Pipe a sweet-tart apple filling and creamy ricotta into crunchy cannoli shells for a crowd-pleasing dessert. If you prefer, you can use a small offset spatula to remove the cannoli shells from the hot oil: Insert the end of the spatula into the opening of the mold and lift to remove from oil.

Ingredients:
  • 1 1/2 cups all-purpose flour, plus more for dusting
  • 2 tablespoons white sugar
  • 1/8 teaspoon ground cinnamon
  • 2 tablespoons vegetable shortening
  • 1 large egg
  • 1/4 cup marsala wine
  • 1 tablespoon water, plus more as needed
  • 2 teaspoons distilled white vinegar
  • 2 tablespoons butter
  • 4 large granny smith apples, peeled and diced
  • 1 cup packed brown sugar
  • 2 teaspoons apple pie spice
  • 1/4 teaspoon salt
  • 1/4 cup lemon juice
  • 1/4 cup cornstarch
  • 1 (16 ounce) tub whole milk ricotta cheese, drained (see "draining ricotta," below)
  • 1/4 cup confectioner's sugar, plus more for garnish
  • 1 teaspoon lemon zest
  • 1 large egg white, lightly beaten
  • 1 quart vegetable oil for frying, or as needed
Directions:
  1. For dough, stir together flour, white sugar, and cinnamon in a bowl. Cut in shortening with a pastry blender or fork until crumbly. Make a well in the center.
  2. Add egg, Marsala, water, and vinegar to well. Mix with a fork until dough starts to come together. Transfer to a flour-dusted work surface; knead until dough forms a ball, about 10 minutes, adding 1 teaspoon water as needed.

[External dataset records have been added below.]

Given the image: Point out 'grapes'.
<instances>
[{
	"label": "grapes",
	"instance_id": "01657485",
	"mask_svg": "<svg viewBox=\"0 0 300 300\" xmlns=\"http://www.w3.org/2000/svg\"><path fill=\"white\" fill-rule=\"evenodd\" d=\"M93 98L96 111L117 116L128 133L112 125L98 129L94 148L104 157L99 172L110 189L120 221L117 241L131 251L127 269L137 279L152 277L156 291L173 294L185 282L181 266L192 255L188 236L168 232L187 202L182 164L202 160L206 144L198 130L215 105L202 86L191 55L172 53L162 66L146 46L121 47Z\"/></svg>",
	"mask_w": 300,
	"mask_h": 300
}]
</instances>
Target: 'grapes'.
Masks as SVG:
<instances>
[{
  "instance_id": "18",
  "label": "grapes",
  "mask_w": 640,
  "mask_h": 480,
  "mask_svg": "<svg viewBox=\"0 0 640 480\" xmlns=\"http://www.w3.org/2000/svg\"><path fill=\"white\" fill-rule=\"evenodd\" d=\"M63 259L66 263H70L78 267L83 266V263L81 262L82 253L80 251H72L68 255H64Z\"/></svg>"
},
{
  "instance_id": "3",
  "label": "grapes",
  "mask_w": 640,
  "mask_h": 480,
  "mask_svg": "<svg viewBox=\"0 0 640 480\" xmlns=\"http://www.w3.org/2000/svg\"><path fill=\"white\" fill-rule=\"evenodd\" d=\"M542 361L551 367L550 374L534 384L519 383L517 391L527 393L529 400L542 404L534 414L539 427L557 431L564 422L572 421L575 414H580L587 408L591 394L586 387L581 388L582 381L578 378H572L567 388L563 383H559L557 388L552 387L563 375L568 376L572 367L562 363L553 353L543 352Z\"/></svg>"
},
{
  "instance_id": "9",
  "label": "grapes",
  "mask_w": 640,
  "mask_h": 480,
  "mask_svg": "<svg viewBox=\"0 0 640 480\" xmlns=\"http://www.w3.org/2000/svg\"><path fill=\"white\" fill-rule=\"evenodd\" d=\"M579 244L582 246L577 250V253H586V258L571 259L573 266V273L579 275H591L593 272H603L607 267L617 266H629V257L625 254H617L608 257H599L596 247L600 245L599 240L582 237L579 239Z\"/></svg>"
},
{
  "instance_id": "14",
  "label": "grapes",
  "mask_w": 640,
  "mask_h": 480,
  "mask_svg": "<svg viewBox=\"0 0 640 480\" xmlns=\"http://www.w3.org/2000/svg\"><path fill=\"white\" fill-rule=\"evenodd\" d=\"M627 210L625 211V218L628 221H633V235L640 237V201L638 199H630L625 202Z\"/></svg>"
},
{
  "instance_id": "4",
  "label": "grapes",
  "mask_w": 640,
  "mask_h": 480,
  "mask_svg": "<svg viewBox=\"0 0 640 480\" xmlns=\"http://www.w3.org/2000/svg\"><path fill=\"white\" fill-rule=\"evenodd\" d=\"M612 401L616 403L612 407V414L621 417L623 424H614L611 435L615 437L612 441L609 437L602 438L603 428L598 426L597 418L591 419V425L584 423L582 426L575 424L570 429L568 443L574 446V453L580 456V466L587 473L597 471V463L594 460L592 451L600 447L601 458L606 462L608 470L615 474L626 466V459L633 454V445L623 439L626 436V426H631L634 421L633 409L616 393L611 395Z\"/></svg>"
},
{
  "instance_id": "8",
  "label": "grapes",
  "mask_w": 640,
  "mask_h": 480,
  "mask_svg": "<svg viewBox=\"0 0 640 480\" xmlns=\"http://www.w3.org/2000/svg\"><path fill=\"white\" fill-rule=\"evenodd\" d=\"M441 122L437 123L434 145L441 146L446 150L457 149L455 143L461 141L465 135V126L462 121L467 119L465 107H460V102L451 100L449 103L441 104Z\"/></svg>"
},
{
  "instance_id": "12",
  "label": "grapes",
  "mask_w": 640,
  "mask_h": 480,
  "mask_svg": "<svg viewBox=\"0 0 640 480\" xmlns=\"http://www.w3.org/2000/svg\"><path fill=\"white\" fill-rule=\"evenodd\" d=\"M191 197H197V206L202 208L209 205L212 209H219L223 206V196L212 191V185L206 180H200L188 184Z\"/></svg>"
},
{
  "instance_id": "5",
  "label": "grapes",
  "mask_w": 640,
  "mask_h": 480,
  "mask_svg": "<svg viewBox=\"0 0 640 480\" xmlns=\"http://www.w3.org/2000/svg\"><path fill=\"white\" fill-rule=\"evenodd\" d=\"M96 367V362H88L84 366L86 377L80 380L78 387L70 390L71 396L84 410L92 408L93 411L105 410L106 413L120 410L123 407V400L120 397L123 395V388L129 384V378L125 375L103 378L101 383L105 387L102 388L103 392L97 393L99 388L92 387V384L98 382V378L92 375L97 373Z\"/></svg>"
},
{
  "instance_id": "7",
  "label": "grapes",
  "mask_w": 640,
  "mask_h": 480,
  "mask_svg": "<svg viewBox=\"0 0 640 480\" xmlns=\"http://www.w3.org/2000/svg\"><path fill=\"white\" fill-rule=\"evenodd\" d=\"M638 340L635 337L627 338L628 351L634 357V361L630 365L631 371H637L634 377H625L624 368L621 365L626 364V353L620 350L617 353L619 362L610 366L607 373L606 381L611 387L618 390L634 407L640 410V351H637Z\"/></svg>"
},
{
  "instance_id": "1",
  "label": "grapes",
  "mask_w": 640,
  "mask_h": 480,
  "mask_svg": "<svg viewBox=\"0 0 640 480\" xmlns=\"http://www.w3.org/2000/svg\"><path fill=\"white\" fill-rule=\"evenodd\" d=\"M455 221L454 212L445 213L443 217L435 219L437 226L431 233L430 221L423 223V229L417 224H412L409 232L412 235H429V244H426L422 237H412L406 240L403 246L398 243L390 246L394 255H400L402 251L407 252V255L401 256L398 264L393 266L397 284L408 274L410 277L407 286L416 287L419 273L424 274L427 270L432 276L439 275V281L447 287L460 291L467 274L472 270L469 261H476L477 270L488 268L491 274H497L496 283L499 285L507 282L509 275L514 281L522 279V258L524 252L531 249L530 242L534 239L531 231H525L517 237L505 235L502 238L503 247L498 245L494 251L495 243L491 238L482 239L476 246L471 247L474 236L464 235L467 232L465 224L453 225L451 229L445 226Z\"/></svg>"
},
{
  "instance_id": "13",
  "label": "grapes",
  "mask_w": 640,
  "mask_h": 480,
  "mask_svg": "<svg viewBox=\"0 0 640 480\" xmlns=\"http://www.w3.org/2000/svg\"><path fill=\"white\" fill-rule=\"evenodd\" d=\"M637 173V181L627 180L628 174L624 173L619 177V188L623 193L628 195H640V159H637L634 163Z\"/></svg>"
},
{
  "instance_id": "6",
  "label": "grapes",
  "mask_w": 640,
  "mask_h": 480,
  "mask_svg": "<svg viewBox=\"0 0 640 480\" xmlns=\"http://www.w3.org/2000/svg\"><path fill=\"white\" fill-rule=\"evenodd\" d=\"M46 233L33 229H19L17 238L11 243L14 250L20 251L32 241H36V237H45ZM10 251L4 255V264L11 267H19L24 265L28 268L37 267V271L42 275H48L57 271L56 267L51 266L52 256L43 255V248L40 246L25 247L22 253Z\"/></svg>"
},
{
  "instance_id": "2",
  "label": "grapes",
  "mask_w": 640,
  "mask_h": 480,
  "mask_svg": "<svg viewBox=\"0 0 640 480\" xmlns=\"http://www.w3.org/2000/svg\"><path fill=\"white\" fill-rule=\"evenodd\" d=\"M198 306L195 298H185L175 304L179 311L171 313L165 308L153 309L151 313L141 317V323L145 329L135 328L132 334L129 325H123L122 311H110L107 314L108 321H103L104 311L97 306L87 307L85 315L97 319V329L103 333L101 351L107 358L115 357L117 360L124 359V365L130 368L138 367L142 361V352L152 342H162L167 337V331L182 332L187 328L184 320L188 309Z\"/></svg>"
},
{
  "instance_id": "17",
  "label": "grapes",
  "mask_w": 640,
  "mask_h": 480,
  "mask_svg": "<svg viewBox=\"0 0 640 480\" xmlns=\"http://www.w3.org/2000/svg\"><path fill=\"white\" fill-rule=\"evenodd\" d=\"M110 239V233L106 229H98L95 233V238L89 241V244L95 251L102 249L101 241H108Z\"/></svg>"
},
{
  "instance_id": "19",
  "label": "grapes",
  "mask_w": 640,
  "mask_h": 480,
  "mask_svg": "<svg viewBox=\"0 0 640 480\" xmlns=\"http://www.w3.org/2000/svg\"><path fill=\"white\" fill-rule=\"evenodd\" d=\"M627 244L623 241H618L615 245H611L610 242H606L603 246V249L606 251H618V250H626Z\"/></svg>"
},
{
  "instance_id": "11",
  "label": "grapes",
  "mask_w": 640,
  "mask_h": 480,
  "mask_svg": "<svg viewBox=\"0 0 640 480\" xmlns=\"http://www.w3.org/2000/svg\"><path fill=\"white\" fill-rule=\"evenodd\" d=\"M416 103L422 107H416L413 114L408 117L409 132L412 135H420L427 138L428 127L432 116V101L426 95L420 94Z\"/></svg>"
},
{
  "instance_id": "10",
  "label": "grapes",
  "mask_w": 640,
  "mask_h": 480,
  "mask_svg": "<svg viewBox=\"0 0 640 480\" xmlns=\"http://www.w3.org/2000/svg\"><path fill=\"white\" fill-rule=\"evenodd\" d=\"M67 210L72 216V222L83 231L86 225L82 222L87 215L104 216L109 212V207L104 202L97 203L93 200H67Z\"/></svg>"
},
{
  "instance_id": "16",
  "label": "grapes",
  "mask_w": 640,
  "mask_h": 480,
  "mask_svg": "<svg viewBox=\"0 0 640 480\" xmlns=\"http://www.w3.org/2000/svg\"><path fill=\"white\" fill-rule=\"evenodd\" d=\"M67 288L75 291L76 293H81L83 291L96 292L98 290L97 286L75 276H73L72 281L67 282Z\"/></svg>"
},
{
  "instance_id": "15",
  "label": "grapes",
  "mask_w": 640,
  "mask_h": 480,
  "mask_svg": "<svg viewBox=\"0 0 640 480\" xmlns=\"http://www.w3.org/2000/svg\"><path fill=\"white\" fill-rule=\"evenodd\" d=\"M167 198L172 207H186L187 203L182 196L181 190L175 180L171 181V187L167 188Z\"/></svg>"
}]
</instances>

Wrap in plastic wrap and chill for at least 30 minutes (or up to overnight).
  3. For apple filling, melt butter in a large saucepan over medium heat. Add apples, brown sugar, apple pie spice, and salt. Cook, stirring occasionally, until apples are soft, about 15 minutes. In a small bowl, stir together lemon juice and cornstarch; add to apple mixture. Simmer, stirring occasionally, until thickened, 3 to 5 minutes. Cool completely. Transfer cooled mixture to a pastry bag.
  4. For ricotta filling, stir together drained ricotta and powdered sugar in a large bowl; fold in lemon zest. Transfer mixture to a pastry bag.
  5. To shape and fry shells, divide dough into 2 balls. On a lightly floured surface, roll 1 ball into a 16- to 18-inch circle, about 1/16 inch thick or less. Using a 4- to 5-inch biscuit cutter, cut out 12 circles. Dust circles with a light coating of flour. (This will help you later in removing shells from cannoli tube molds.) Roll each dough circle around a cannoli tube, sealing edges with a bit of egg white. Repeat with remaining dough ball.
  6. Pour oil to a depth of 3 inches in a deep, heavy-bottomed 4-quart pot or deep fryer; heat to 375°F. (You’ll need about 1 quart oil.) Working in batches, fry shells on tubes, turning halfway through, until golden, about 1 minute. Using tongs, transfer shells to a wire rack lined with paper towels to drain.
  7. Let stand just until tubes are cool enough to handle, then carefully twist each tube to remove shell. (Using a kitchen towel may help your grip.) Wash or wipe off tubes to use for remaining shells, if needed.
  8. To assemble, pipe apple filling into shells, filling two-thirds full from center to one end and repeating on other side. Repeat piping method with ricotta filling. Garnish cannoli with powdered sugar.